Congratulations to the newly minted Doctor Natacha (Naty) Altamirano on successfully defending her PhD, entitled:
“The quantum and the gravity: Newtonian and Cosmological applications”
In her thesis, Natacha looked into an innovative idea about the nature of gravity, where it is speculated that gravity is inherently a classical and not a quantum interaction. She further studied the laboratory tests of this idea, as well is its potential cosmological applications. While most of this work was with Natacha’s co-supervisor Robb Mann (and other collaborators), she also worked with me on various topics in cosmology, including holographic big bang, modified gravity, and Sunyaev-Zel’dovich (SZ) signal from galaxies (yet to appear).
Below are pictures of Natacha’s proud supervisors, as well as a celebratory cake, featuring some of her PhD work.

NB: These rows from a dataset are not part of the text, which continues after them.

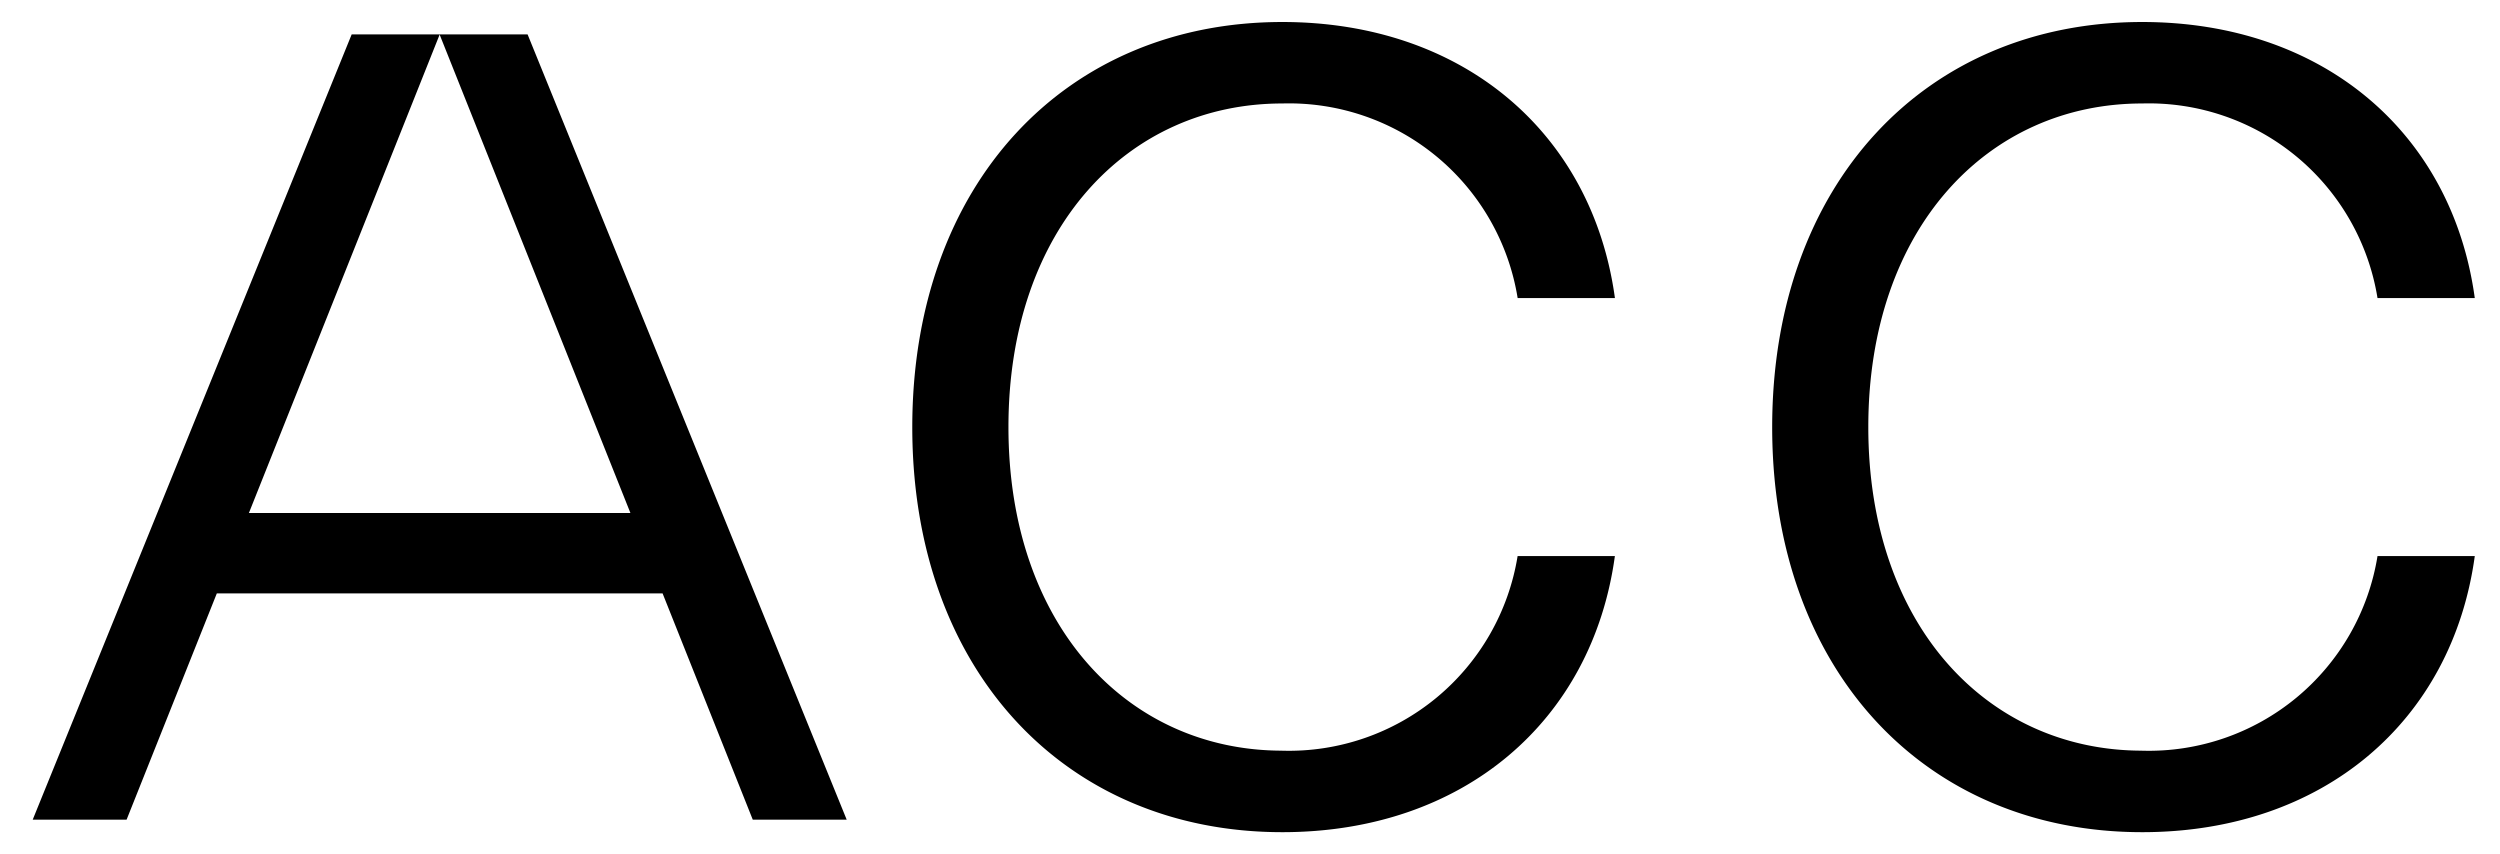 <svg xmlns="http://www.w3.org/2000/svg" width="56.8" height="19.407" viewBox="0 0 56.8 19.407">
  <g id="Grupo_376" data-name="Grupo 376" transform="translate(-183.257 -98.5)">
    <path id="Trazado_1" data-name="Trazado 1" d="M30.891,16.556a5.264,5.264,0,0,0,5.347-4.422h2.21c-.514,3.753-3.444,6.273-7.557,6.273-4.935,0-8.406-3.677-8.406-9.2S25.956,0,30.891,0C35,0,37.935,2.52,38.449,6.272h-2.21a5.263,5.263,0,0,0-5.347-4.421c-3.5,0-6.222,2.827-6.222,7.352s2.725,7.352,6.222,7.352" transform="translate(181.499 99)" stroke="rgba(0,0,0,0)" stroke-miterlimit="10" stroke-width="1"/>
    <path id="Trazado_2" data-name="Trazado 2" d="M52.872,16.556a5.264,5.264,0,0,0,5.347-4.422h2.21c-.514,3.753-3.444,6.273-7.557,6.273-4.935,0-8.406-3.677-8.406-9.2S47.937,0,52.872,0c4.113,0,7.044,2.52,7.557,6.272h-2.21a5.263,5.263,0,0,0-5.347-4.421c-3.5,0-6.222,2.827-6.222,7.352s2.725,7.352,6.222,7.352" transform="translate(179.055 99)" stroke="rgba(0,0,0,0)" stroke-miterlimit="10" stroke-width="1"/>
    <path id="Trazado_3" data-name="Trazado 3" d="M16.36,18.159h2.134L11.244.318h-2l4.336,10.873H4.912L9.247.318h-2L0,18.159H2.133l2.05-5.141H14.311Z" transform="translate(184 98.964)" stroke="rgba(0,0,0,0)" stroke-miterlimit="10" stroke-width="1"/>
  </g>
</svg>

The latter includes the only published picture of her SZ work, showing a mysterious SZ deficit for small galaxies! 😕
You can read more of Natacha’s broad, innovative and exciting research on arXiv. We wish her all the best in her future adventures 👏 🙂
First, let me start by congratulating Dr. Elizabeth (Beth) Gould on successfully defending her PhD thesis “New Views on the Cosmological Big Bang”, last September.
Beth’s graduation cake, highlighting pictures from her PhD thesis (photo credit: Joel Gould)
“Every year, top graduate students from the Faculty of Science are nominated for the W.B. Pearson Medal, which is given to a Doctoral student from each department in recognition of their creative research …
The W.B. Pearson Medal in Physics & Astronomy has been awarded to Elizabeth Gould for her research on “New Views on the Cosmological Big Bang”, with Niayesh Afshordi.”
So, please join me in congratulating Dr. Gould on successfully finishing her PhD, starting a prestigious postdoctoral fellowship, and being recognized for her creativity by the W.B Pearson Medal.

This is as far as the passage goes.